In Jaipur, the diagnosis of Zika was first made at the virology laboratory of the SMS Medical College and then confirmed by NIV, Pune. Numbers escalated quickly after the index case and spiraled up to more than 150 cases. Interventions against mosquito breeding had to be implemented on a war footing, along with active surveillance and testing of all pregnant women, as well as fever cases and their contacts for Zika. Through these measures, it was possible to keep the infection more or less confined to a single specific locality in Jaipur, and to eventually control the outbreak. No cases of microcephaly or congenital Zika syndrome have been reported until now.

The NIV has reported by sequencing the genome of the Indian virus that, though it belongs to the Asian lineage (as in Brazil), it does not carry some of the signature sequences which were associated with microcephaly. However, the risk can’t be completely ruled out yet and the infected pregnant women in Jaipur will need to be closely monitored through their pregnancy and their babies examined and tested.

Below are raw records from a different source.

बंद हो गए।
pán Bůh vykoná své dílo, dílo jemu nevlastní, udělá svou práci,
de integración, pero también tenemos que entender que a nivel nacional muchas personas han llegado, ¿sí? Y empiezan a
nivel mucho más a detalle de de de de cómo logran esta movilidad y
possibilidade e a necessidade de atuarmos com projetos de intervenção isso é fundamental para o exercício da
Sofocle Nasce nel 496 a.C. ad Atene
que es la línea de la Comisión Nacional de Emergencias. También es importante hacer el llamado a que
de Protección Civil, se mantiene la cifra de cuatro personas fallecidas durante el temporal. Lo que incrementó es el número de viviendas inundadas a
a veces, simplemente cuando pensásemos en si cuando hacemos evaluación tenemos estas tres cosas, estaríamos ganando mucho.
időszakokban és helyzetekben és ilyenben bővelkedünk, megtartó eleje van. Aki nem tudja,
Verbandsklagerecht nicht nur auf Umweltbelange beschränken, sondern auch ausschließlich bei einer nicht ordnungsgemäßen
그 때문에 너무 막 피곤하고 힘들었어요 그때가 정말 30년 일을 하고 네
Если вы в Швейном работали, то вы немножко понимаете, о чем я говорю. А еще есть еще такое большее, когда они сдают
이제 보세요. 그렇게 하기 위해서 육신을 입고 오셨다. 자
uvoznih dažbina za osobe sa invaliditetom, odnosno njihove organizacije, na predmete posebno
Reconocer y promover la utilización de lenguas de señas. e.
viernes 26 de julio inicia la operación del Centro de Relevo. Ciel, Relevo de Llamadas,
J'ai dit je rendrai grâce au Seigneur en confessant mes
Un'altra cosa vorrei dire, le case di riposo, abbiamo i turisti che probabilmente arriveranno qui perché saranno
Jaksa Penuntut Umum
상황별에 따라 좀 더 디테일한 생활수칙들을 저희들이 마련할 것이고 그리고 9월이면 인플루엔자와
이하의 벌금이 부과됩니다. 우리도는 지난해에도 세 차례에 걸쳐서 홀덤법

Zika infection is spread by a familiar enemy, the female Aedes mosquito, which can also transmit Dengue and Chikungunya when it bites humans for its blood meal, depending on which virus it may be infected with. The breeding (and transmission) season is during the monsoon in North India, but may persist throughout the year in South India. The habits of this mosquito are familiar to most. It usually bites during the day, particularly at dusk and dawn (but that does not mean it cannot bite at night). It breeds in relatively clean water and a collection of a teaspoon or two of water is enough to allow eggs to be laid and larvae to grow.

It is a primarily urban mosquito with a flying range of only a couple of hundred metres. This means it remains close to where it hatches and breeds, to spread infection in the vicinity of the breeding site. This breeding can only be controlled by the active involvement of the community, if we look for and remove all breeding sites in and around our homes and workplaces. As individuals, we can protect ourselves with mosquito repellents and by covering ourselves, day and night.

The timely detection of these two viral outbreaks in 2018, with the quick diagnosis of their cause, and the rapid, successful deployment of control measures, utilising a wide range of resources, has been most heartening. It highlights the rapidly maturing and efficient disease surveillance networks, which have been created in the country over the last decade, along with a well-oiled infectious outbreak control machinery,.

The Viral Research and Diagnostic Laboratory Network of the Department of Health Research, coordinated by the Indian Council of Medical Research and NIV, and the Integrated Disease Surveillance Programme led by the National Centre for Disease Control, have emerged as key players in the surveillance of viral and other diseases in India. Viruses are here to stay and will keep challenging us with potential and real threats, but India is doing its best by remaining in a continuous state of preparedness. This battle is always on.